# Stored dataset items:
········
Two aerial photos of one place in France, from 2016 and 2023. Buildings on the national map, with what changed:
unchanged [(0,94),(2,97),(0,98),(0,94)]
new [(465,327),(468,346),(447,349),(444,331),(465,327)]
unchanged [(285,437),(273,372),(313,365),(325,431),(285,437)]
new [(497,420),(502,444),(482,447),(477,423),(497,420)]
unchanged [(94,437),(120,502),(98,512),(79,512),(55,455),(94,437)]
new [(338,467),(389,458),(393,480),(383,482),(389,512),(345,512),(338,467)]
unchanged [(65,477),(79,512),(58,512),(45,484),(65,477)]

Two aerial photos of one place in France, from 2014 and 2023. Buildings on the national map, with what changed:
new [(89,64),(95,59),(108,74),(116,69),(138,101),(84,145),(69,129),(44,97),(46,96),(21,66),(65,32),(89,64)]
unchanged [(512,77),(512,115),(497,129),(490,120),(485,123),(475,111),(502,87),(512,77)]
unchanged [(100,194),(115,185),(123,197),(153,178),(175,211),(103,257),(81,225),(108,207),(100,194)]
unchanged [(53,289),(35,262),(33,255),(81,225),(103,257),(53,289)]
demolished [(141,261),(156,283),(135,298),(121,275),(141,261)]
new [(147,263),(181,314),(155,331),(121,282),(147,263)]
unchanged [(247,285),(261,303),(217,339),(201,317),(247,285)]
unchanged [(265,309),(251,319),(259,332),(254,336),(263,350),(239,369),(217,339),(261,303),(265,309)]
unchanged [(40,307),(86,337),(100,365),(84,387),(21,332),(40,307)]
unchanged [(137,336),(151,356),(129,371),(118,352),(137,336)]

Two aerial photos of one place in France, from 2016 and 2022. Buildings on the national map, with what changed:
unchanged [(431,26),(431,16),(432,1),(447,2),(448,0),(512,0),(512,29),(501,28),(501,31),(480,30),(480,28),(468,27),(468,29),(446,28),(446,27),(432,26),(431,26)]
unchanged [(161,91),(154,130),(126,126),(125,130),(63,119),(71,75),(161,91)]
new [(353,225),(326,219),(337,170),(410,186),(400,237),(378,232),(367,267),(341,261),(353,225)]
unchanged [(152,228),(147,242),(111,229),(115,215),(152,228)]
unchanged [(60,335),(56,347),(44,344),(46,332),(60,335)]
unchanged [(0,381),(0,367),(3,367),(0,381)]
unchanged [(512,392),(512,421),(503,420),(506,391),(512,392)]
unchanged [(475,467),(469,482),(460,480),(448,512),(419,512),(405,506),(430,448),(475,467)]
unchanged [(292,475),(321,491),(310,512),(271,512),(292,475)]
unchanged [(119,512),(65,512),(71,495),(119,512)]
········
# WORK ORDER:
For the data above, state how many of its lines contain the word "what", giving no other text.

# WRITTEN SOLUTION:
3